WHAT YOU ARE ASKED TO DO:
Your answer must be the lines of the entries below, exactly as written, from the first line through the line containing "<!-- END OF HEADER -->".

+-------+

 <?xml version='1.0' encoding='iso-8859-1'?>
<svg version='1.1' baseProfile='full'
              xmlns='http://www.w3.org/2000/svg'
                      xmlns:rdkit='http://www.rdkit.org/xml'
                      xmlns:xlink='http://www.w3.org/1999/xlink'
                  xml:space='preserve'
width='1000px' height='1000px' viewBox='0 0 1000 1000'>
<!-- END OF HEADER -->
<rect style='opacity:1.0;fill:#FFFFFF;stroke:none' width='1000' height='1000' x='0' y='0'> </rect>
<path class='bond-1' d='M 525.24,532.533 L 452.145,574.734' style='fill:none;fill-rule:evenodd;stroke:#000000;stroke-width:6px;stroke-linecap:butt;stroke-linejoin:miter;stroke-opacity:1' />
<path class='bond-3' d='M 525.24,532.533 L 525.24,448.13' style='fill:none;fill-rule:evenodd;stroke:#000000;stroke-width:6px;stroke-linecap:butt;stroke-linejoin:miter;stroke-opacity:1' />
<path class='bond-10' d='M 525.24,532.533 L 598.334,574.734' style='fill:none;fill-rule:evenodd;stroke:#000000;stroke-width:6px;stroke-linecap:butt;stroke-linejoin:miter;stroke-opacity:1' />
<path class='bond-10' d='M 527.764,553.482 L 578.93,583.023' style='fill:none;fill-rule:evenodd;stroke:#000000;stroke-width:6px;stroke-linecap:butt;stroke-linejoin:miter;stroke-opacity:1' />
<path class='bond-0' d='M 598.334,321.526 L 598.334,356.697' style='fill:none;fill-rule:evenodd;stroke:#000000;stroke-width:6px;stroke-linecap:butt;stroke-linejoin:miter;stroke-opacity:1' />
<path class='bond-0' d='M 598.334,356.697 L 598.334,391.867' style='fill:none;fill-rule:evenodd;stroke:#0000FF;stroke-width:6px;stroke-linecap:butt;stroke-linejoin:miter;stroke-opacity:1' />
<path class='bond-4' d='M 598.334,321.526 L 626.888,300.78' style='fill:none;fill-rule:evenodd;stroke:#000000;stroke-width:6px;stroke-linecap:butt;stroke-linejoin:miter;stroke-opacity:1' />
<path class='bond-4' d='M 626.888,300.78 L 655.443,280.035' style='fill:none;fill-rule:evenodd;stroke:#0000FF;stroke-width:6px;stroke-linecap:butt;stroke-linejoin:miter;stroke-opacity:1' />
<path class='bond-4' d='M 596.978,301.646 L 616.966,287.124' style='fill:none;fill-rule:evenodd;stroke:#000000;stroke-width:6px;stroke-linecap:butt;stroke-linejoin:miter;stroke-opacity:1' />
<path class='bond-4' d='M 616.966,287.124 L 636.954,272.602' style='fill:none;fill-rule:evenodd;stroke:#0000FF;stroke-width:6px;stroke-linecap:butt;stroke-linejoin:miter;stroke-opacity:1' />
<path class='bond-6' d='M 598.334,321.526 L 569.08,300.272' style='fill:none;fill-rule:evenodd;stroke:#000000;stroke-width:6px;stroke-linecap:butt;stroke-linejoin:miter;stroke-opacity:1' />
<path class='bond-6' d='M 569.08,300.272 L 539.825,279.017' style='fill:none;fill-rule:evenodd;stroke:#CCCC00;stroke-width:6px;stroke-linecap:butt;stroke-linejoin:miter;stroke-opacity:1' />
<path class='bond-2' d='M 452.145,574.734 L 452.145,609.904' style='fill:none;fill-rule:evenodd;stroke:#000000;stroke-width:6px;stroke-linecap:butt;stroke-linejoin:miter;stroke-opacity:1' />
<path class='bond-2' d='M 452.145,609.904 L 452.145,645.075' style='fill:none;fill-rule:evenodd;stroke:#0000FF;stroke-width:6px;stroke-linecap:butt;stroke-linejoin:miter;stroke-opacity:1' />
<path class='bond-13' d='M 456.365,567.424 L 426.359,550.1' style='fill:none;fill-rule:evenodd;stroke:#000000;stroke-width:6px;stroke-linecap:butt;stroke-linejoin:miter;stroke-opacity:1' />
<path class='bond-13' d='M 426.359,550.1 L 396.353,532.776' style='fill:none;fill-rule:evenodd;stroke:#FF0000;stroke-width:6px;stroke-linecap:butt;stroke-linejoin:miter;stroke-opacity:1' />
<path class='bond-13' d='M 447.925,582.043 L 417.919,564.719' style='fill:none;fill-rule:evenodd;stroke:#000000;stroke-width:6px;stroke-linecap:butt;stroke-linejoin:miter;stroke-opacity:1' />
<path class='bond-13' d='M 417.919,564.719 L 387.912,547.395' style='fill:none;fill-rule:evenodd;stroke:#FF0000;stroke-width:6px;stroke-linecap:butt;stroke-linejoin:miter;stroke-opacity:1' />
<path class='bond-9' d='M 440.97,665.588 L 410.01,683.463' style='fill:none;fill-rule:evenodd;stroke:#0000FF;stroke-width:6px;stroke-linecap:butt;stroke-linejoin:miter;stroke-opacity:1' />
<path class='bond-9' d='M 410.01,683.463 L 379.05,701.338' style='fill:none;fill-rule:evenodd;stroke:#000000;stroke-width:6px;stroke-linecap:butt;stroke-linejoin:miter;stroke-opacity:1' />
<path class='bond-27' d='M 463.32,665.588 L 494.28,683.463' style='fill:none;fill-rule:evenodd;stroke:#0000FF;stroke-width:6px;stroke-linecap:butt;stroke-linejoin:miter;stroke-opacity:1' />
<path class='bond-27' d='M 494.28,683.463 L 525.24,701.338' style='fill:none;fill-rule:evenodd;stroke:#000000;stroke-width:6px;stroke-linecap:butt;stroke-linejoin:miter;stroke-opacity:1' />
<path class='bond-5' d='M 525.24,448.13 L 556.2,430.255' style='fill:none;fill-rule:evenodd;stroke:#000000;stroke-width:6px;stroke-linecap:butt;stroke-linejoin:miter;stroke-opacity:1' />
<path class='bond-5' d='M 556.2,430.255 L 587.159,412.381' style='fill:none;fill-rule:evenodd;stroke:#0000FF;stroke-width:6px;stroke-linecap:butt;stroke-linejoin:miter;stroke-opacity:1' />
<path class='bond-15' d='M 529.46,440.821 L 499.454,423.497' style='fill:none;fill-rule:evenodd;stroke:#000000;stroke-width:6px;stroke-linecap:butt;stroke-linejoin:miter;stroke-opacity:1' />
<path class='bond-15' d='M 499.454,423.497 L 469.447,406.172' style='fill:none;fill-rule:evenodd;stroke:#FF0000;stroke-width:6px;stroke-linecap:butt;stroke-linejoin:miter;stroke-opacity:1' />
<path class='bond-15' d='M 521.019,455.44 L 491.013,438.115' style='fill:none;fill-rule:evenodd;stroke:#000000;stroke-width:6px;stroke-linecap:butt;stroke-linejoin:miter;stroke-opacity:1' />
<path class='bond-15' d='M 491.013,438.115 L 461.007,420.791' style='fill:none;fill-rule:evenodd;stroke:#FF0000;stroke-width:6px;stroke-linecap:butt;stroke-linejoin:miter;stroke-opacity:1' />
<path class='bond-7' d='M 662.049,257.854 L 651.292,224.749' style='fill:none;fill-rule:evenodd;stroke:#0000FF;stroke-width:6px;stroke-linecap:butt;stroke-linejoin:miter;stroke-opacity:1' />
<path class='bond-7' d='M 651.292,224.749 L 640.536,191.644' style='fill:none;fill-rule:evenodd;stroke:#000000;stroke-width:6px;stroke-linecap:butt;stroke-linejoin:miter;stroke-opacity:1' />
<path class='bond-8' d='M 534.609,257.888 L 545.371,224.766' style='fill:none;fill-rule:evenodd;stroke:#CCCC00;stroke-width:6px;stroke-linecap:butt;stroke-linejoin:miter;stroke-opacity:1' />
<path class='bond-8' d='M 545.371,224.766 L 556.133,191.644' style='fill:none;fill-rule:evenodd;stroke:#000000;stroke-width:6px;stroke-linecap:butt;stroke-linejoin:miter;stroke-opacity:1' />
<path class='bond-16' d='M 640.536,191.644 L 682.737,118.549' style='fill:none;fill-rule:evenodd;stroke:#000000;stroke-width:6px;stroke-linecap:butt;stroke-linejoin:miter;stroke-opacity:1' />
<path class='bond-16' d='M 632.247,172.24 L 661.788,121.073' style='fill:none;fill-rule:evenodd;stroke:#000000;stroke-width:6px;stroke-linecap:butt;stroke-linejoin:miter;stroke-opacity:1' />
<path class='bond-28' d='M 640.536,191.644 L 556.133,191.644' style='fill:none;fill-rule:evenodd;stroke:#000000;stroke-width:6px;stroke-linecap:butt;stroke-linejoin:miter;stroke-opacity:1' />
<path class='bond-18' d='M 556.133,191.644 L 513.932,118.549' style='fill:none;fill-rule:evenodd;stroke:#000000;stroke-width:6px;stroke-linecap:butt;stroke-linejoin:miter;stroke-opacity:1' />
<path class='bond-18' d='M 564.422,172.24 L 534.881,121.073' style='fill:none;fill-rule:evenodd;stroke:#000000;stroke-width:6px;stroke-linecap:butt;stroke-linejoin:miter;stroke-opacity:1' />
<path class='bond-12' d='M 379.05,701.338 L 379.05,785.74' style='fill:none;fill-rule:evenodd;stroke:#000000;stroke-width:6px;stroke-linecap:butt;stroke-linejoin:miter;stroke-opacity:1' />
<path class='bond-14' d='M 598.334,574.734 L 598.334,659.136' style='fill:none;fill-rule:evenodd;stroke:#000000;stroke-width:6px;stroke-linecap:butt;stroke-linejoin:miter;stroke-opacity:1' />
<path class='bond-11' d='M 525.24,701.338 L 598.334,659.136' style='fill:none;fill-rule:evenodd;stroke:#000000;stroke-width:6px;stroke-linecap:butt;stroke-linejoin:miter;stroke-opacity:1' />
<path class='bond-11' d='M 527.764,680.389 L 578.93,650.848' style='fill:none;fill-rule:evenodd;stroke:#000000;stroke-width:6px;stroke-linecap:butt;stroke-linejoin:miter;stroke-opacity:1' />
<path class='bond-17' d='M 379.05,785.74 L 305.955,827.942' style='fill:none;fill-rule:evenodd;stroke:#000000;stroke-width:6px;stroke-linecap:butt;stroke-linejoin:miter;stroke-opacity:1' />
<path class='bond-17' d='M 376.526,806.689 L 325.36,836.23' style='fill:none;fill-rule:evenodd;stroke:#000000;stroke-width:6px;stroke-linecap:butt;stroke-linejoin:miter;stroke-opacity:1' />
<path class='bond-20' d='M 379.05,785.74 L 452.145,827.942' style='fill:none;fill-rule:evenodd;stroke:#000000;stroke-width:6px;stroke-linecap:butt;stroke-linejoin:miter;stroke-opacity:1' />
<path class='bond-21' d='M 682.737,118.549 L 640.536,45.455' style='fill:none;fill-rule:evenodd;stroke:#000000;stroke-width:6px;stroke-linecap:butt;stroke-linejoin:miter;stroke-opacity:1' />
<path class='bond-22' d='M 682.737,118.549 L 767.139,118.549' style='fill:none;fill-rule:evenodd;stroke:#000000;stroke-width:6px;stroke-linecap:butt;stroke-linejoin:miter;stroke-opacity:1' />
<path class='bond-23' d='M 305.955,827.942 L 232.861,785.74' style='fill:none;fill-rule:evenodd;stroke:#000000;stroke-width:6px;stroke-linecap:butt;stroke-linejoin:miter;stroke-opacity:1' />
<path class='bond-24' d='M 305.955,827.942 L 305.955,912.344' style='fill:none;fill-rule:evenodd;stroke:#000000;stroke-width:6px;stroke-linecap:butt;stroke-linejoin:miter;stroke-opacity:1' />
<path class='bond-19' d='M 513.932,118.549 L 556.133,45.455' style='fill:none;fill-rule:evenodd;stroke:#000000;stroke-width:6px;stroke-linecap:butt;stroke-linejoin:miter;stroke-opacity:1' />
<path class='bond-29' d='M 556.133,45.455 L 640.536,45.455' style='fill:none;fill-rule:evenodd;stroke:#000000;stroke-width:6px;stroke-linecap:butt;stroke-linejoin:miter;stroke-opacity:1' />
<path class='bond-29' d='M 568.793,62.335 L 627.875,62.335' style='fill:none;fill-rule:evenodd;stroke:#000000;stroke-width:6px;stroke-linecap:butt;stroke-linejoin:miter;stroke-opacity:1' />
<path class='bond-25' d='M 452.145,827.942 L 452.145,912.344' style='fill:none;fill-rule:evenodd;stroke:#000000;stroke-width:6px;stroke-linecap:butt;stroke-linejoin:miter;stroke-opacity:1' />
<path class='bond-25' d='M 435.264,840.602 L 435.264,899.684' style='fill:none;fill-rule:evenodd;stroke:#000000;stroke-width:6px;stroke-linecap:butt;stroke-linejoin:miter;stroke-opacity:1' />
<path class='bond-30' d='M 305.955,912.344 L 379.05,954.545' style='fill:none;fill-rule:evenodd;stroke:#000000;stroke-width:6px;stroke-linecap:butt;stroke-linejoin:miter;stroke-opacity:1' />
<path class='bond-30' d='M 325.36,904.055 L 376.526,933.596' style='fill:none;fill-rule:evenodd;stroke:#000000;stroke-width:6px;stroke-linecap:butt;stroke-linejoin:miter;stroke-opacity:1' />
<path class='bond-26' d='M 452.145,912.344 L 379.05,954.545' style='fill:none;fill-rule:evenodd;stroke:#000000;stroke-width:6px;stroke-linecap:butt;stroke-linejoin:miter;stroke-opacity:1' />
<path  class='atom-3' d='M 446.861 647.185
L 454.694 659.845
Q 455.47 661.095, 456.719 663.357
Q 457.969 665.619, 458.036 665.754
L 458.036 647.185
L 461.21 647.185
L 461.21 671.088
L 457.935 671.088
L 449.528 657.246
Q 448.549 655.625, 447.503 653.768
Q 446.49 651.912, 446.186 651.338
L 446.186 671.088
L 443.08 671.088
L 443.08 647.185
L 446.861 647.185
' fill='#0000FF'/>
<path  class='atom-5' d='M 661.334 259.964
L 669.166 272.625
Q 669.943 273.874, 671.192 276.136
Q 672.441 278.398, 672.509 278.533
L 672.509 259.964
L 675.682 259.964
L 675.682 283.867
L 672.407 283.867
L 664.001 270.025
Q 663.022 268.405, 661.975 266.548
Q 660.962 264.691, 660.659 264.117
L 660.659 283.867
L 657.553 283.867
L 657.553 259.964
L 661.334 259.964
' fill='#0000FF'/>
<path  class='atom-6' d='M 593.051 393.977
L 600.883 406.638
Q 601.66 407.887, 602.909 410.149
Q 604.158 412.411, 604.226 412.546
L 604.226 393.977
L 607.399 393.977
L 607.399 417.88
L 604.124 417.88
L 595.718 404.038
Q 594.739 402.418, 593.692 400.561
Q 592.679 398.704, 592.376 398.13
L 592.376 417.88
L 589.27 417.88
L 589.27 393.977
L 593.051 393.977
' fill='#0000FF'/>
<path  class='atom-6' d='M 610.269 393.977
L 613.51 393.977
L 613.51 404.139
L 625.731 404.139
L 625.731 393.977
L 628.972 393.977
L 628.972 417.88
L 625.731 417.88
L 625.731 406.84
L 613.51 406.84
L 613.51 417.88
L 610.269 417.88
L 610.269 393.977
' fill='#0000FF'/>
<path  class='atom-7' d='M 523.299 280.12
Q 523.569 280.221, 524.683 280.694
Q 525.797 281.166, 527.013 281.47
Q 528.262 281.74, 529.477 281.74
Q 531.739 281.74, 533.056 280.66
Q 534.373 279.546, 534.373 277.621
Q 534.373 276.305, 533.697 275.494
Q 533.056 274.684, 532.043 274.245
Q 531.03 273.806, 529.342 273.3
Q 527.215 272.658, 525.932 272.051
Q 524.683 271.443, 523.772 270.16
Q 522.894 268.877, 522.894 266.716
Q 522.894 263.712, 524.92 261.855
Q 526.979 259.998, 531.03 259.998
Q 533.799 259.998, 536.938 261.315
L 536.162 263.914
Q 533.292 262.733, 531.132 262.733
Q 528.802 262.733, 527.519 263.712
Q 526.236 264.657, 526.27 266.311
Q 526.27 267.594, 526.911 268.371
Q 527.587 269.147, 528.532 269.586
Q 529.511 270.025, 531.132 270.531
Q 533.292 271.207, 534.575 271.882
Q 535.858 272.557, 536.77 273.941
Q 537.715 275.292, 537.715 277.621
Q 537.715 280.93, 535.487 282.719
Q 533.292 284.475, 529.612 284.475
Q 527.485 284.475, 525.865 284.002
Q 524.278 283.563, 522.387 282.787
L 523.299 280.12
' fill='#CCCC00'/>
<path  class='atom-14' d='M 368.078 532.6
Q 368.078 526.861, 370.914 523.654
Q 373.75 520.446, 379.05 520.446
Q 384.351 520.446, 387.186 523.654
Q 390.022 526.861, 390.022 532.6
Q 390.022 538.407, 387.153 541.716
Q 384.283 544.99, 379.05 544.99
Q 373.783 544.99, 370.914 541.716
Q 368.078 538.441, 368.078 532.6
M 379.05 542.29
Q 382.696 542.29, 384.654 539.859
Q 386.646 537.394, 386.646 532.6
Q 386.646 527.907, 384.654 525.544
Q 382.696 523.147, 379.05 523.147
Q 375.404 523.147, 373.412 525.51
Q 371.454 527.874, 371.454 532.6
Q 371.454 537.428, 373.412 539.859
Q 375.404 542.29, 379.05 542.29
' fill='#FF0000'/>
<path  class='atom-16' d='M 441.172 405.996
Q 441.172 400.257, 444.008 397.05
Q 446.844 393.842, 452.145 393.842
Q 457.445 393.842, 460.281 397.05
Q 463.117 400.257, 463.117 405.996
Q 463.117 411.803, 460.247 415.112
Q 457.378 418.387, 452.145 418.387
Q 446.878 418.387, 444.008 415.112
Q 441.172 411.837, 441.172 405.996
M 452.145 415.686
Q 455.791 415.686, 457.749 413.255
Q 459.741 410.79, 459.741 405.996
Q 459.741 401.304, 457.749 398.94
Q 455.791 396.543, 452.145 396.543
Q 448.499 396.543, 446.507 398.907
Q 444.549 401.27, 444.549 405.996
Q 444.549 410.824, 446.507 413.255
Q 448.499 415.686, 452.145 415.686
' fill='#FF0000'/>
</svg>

+-------+

RESPONSE TO THIS TASK:
 <?xml version='1.0' encoding='iso-8859-1'?>
<svg version='1.1' baseProfile='full'
              xmlns='http://www.w3.org/2000/svg'
                      xmlns:rdkit='http://www.rdkit.org/xml'
                      xmlns:xlink='http://www.w3.org/1999/xlink'
                  xml:space='preserve'
width='1000px' height='1000px' viewBox='0 0 1000 1000'>
<!-- END OF HEADER -->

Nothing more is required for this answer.